Afirmei: "Na Educação, há, pelo menos, uma boa notícia: nem Ana Benavente, nem Santos Silva vão tutelar a pasta. Esperemos que a nova ministra seja insensível à demagogia e irresponsabilidade daqueles que estão empenhados em prosseguir o caminho de destruição do sistema educativo português". Errei claramente. Lurdes Rodrigues e respectivos acólitos são piores do que Ana Benavente e Santos Silva, coisa que já era extraordinariamente difícil. O sistema está desarticulado e falho de sentido e justiça internos. Parece que o lema é quanto pior melhor.

Afirmei: "Pede-se-lhe que faça aquilo que nenhum primeiro-ministro, antes dele, fez: cortar nos privilégios instalados, fomentar o reformismo inovador, equilibrar e dar coesão à comunidade nacional. Que seja ao mesmo tempo liberal na economia e social-democrata na concepção da comunidade política". O que aconteceu? Sócrates proletarizou os professores e as classes médias, foi politicamente maleável perante os verdadeiros privilegiados, fomentou uma aparência de inovação, cujo emblema é o Magalhães, tornou a comunidade nacional menos coesa. Nem foi liberal na economia nem social-democrata na concepção da comunidade política. No fundo, navegou à vista, sem quaisquer princípios orientadores sérios, sem plano sério para o país que não seja o de se fazer reeleger à custa da propaganda mais desbragada (de novo entra aí o Magalhães). Nova expectativa errada do cronista.

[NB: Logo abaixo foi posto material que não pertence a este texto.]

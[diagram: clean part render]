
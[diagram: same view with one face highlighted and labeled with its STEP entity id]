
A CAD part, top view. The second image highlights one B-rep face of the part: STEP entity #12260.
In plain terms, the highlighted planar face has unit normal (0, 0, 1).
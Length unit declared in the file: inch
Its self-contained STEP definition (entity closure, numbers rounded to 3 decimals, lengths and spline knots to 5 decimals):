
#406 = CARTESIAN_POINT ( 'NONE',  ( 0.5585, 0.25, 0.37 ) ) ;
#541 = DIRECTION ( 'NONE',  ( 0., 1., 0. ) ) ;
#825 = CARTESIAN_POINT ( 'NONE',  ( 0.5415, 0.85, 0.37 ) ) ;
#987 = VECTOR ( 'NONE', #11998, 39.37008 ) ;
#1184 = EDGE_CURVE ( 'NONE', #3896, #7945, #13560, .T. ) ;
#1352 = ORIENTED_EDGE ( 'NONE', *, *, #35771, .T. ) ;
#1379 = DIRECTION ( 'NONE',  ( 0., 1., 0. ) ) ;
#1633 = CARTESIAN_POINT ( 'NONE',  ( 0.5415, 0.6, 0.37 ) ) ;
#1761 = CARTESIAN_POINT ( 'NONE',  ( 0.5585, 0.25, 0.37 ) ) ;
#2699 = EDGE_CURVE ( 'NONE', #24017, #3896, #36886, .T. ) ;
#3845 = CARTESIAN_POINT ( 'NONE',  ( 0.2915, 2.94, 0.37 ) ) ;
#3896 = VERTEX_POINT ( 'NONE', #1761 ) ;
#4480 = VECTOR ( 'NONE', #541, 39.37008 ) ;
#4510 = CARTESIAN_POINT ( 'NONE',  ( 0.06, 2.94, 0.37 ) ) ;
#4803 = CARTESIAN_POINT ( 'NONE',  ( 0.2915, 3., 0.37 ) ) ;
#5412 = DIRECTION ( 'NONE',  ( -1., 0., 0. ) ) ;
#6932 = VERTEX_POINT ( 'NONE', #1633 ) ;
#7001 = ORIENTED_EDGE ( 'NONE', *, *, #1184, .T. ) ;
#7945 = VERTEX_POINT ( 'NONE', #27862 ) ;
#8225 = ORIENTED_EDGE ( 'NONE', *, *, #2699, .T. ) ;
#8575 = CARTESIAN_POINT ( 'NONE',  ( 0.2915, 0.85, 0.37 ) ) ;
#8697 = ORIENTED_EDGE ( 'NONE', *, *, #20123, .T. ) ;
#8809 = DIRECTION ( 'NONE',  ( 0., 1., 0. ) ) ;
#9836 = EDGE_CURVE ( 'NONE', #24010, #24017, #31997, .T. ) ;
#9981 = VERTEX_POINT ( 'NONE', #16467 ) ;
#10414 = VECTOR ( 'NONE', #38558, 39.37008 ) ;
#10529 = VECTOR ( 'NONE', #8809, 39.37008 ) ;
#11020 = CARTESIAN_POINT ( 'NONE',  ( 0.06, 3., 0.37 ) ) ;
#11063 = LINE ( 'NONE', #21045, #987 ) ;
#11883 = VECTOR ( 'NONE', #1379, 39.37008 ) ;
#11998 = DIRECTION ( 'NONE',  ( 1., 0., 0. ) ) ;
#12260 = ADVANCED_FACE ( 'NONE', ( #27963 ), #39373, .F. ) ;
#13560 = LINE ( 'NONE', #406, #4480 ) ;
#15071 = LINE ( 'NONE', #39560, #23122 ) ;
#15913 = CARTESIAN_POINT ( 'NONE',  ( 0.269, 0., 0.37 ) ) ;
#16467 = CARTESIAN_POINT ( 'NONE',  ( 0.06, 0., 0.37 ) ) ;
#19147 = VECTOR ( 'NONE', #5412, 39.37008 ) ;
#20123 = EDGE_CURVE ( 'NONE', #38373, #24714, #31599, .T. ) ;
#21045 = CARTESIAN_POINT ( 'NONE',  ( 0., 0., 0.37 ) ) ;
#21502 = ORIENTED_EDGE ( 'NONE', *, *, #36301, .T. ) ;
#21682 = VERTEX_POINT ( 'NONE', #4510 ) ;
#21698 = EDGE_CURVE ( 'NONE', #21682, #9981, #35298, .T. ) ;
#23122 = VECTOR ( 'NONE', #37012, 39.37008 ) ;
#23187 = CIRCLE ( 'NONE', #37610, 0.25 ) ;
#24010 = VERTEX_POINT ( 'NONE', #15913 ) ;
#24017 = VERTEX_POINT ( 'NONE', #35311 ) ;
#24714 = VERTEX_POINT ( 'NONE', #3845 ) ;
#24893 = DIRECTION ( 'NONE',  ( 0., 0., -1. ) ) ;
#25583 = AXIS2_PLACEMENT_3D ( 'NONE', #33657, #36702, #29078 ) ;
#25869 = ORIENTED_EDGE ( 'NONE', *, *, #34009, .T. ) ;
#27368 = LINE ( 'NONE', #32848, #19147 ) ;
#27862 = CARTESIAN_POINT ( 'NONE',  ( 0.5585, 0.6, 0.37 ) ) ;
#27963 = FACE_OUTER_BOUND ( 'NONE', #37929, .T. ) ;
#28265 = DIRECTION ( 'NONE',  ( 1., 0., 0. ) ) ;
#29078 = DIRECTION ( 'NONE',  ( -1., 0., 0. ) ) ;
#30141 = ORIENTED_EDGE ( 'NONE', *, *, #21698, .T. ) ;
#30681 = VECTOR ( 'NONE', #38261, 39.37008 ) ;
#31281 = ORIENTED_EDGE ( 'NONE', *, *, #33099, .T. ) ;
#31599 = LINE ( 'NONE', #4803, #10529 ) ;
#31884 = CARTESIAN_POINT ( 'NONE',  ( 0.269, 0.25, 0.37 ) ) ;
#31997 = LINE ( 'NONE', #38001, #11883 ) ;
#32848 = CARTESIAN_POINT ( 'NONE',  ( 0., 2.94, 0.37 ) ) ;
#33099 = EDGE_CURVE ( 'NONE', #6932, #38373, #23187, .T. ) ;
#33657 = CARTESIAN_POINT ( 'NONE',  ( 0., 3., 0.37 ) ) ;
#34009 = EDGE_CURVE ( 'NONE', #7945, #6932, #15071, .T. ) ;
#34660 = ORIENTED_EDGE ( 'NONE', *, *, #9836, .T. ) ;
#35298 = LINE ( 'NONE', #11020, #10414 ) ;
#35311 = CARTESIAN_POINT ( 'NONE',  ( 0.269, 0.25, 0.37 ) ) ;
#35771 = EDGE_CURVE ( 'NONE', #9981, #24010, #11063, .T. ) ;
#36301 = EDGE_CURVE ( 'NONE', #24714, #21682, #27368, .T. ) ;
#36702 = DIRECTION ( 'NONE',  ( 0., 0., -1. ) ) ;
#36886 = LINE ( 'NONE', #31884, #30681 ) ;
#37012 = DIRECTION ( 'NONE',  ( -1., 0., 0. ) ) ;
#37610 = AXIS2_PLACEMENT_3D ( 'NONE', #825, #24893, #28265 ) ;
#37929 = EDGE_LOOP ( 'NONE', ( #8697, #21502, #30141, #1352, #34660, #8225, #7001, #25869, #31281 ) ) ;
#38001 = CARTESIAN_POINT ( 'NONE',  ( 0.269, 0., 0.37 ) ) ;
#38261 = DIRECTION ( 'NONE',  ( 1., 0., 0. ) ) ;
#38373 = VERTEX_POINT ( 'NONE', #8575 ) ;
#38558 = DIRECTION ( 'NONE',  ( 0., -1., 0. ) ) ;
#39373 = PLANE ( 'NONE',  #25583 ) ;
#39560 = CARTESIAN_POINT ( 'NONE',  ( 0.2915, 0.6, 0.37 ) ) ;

Concluí assim: "A Sócrates pede-se-lhe uma inteligência de Aristóteles e uma força de Hércules. Se as tiver, então um dia, quando se estudar a vida política da III República, falar-se-á em Sócrates e em pré-socráticos. Caso contrário, o socratismo não terá sido mais do que um sofístico equívoco." Só acertei no "caso contrário". De facto, Sócrates não passou de um caso contrário, um sofístico equívoco. Sem inteligência de Aristóteles, a força de Hércules só lhe serviu para perseguir os mais fracos.

Moral da história: o melhor é não ter expectativas sobre quem nos vai governar. A decepção está sempre garantida. Má sorte ser cronista.

3 comentários:

Anónimo disse...

Também te enganaste com o Vale e Azevedo, lembras-te?

O melhor é fazeres como o João Pinto do FCP. Prognósticos só no fim do jogo.

Jorge Carreira Maia disse...

Sim, embora, tanto quanto me lembro, esse texto era como este: uma exposição de expectativas. E também tinha o seu "caso contrário". Devo ter-me enganado em muitas coisas mais. Mas é um exercício curioso olhar para o que se escreveu há algum tempo e comparar com o que aconteceu.

maria correia disse...

E, com todo o respeito, só agora chega a essa conclusão, caro JCM?